» Supplied records

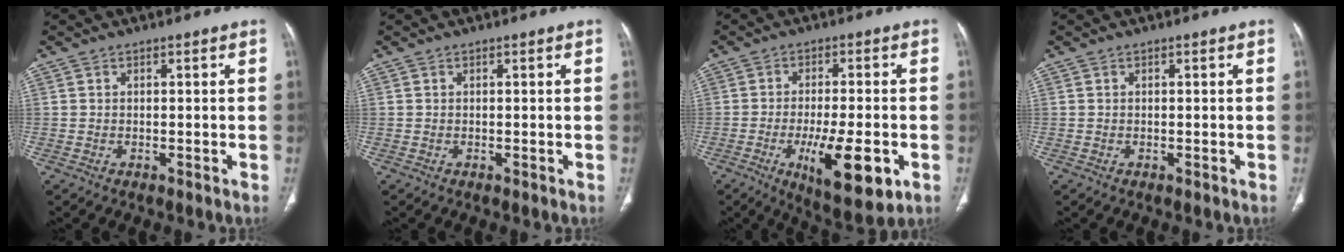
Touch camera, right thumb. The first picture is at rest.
{"total": 0.0}
{"total": 13.7, "force": [-4.6, 4.3, 12.2], "torque": [-0.187, -0.006, -0.062]}
{"total": 0.0}
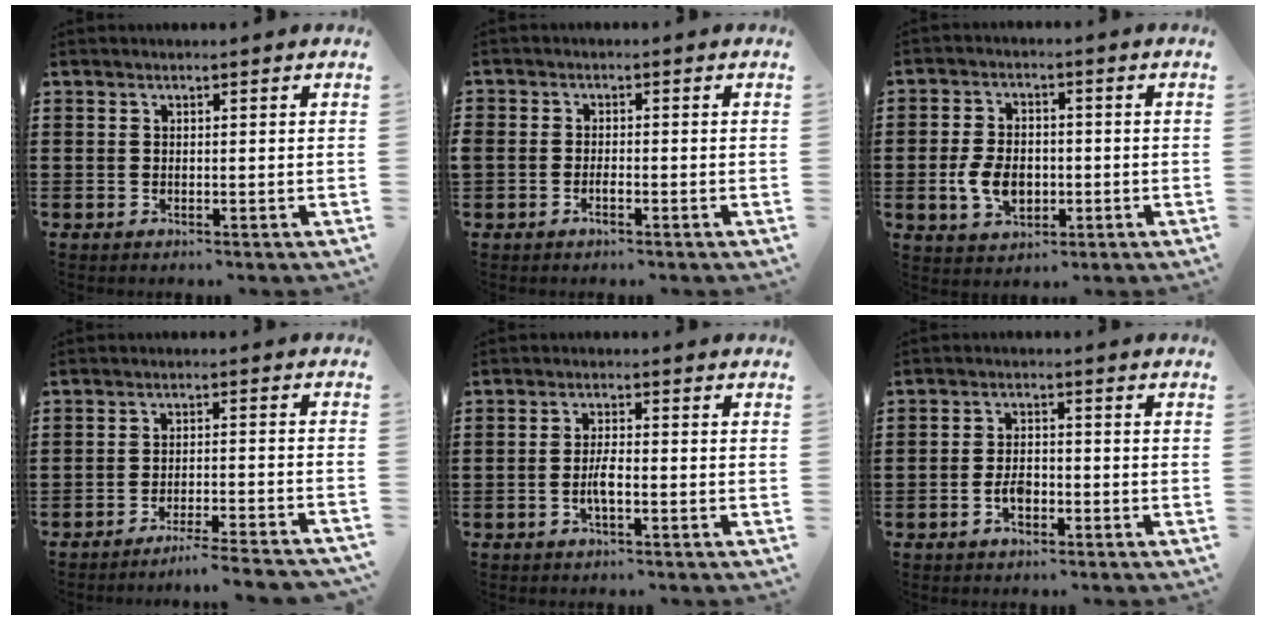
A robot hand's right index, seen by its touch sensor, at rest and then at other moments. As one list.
[{"total": 1.3, "force": [-0.9, 0.5, 0.8], "torque": [-0.016, -0.001, -0.017]}, {"total": 6.3, "force": [-1.3, 4.1, 4.6], "torque": [-0.107, 0.000, -0.025]}, {"total": 4.2, "force": [-3.9, -1.0, 1.3], "torque": [-0.023, -0.015, -0.077]}, {"total": 3.0, "force": [-0.9, 0.8, 2.8], "torque": [-0.065, -0.002, -0.021]}, {"total": 3.5, "force": [-1.4, 2.0, 2.5], "torque": [-0.054, 0.002, -0.028]}]
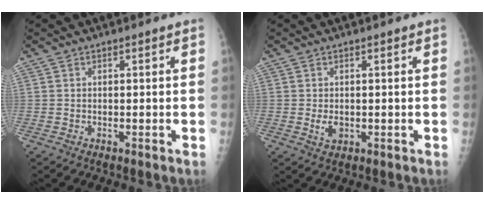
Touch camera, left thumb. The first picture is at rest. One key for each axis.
{"total": 2.3, "fx": -0.1, "fy": 1.6, "fz": 1.7, "tx": -0.025, "ty": -0.004, "tz": 0.002}
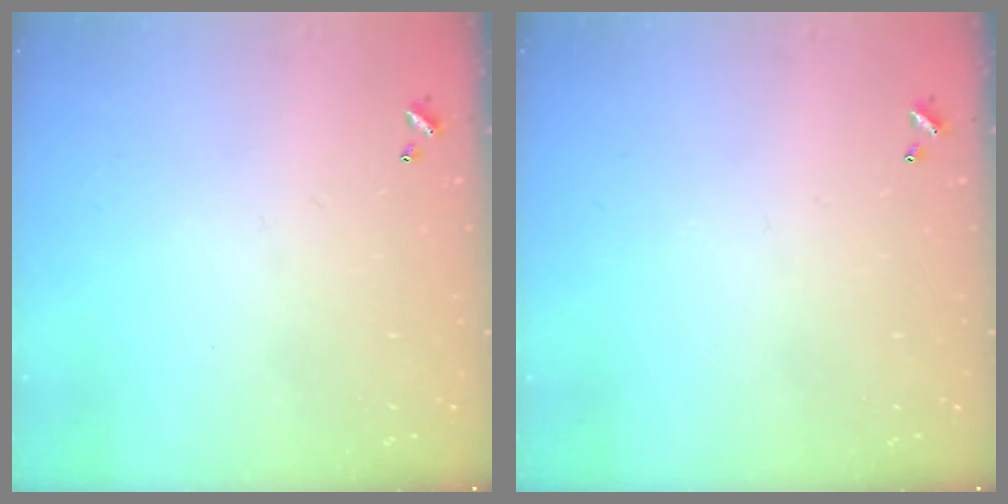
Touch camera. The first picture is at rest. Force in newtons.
{"total": 0.0}
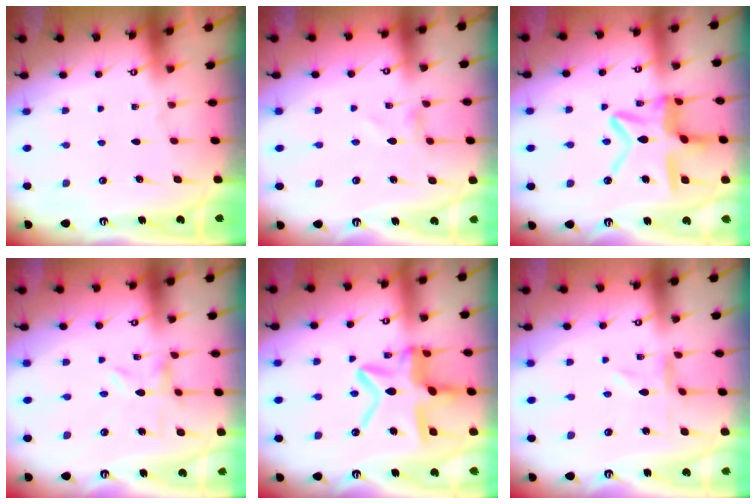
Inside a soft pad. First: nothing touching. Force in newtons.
{"total": 0.7, "press": 0.6, "slide": 0.1}
{"total": 14.9, "press": 14.9, "slide": 1.3}
{"total": 0.0}
{"total": 16.2, "press": 16.2, "slide": 1.5}
{"total": 0.0}
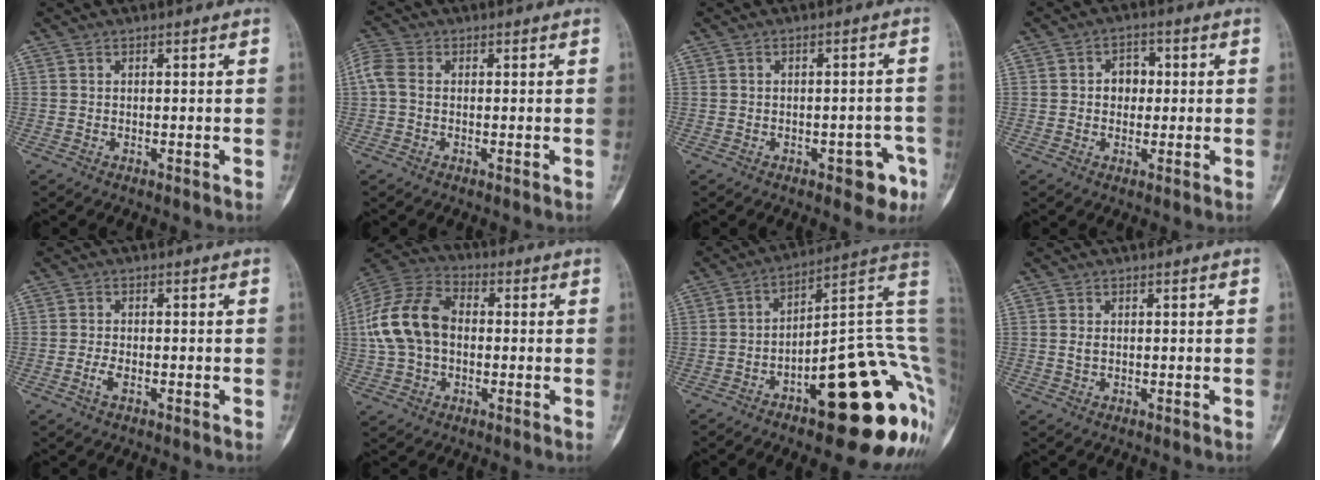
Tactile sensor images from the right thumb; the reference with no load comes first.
{"total": 4.2, "force": [0.2, 3.0, 3.0], "torque": [-0.080, 0.013, -0.004]}
{"total": 5.4, "force": [-2.8, 2.6, 3.8], "torque": [-0.024, 0.020, -0.030]}
{"total": 4.3, "force": [0.3, 3.4, 2.6], "torque": [-0.015, 0.010, -0.001]}
{"total": 2.2, "force": [-1.1, 0.9, 1.7], "torque": [-0.043, 0.006, -0.022]}
{"total": 15.0, "force": [0.1, 10.4, 10.8], "torque": [-0.212, 0.033, -0.005]}
{"total": 25.7, "force": [-6.7, 8.4, 23.3], "torque": [-0.231, 0.058, -0.081]}
{"total": 1.0, "force": [0.1, 0.6, 0.8], "torque": [-0.014, 0.001, 0.005]}
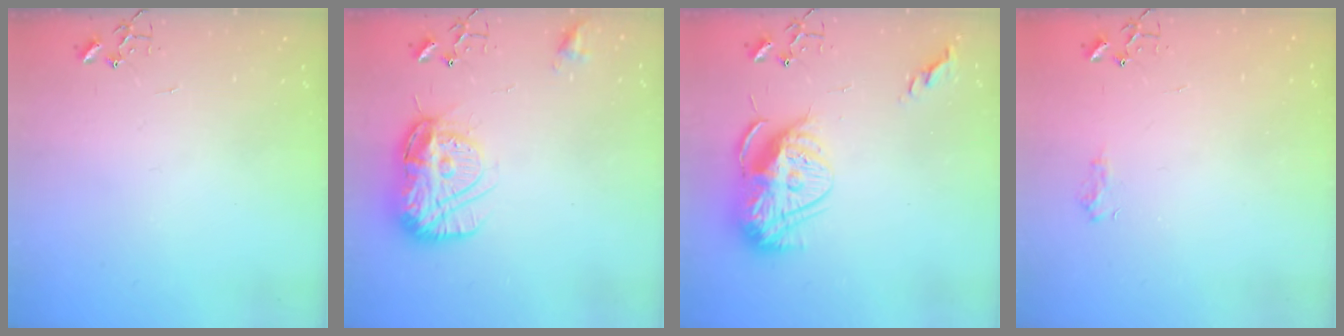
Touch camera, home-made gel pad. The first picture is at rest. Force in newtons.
{"total": 16.8, "press": 16.7, "slide": 1.5}
{"total": 15.6, "press": 15.6, "slide": 1.2}
{"total": 6.6, "press": 6.6, "slide": 0.8}
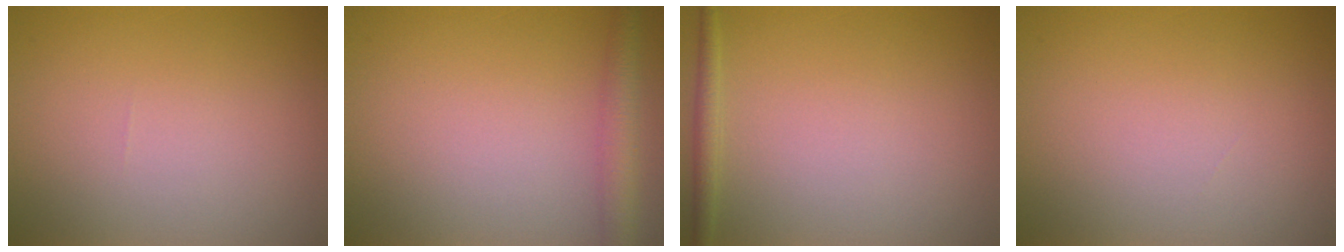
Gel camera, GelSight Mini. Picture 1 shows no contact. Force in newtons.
{"total": 3.0, "press": 3.0, "slide": 0.1}
{"total": 1.3, "press": 1.3, "slide": 0.1}
{"total": 0.0}
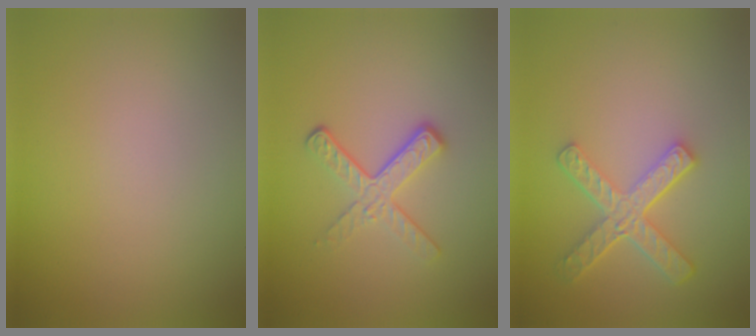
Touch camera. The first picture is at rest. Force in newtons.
{"total": 3.6, "press": 2.2, "slide": 2.8}
{"total": 4.7, "press": 3.5, "slide": 3.0}
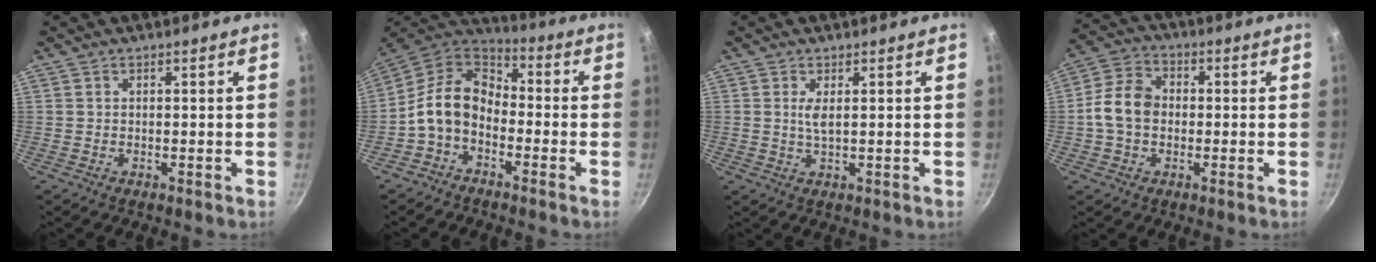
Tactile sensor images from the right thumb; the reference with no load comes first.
{"total": 11.9, "force": [-3.1, 8.4, 7.9], "torque": [-0.132, 0.053, -0.081]}
{"total": 2.5, "force": [0.7, 0.7, 2.3], "torque": [-0.046, -0.006, 0.014]}
{"total": 8.9, "force": [-0.6, 6.8, 5.8], "torque": [-0.091, 0.025, -0.026]}
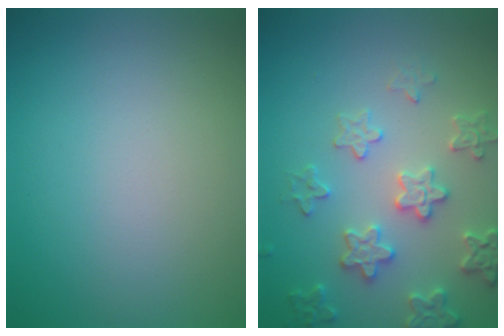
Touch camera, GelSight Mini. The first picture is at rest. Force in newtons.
{"total": 3.8, "press": 3.7, "slide": 0.7}

» Work item
The answer should be nothing more than the lines from the one with "Touch camera, GelSight" through the end of the entries, restated word for word.

» Your response
Touch camera, GelSight Mini. The first picture is at rest. Force in newtons.
{"total": 3.8, "press": 3.7, "slide": 0.7}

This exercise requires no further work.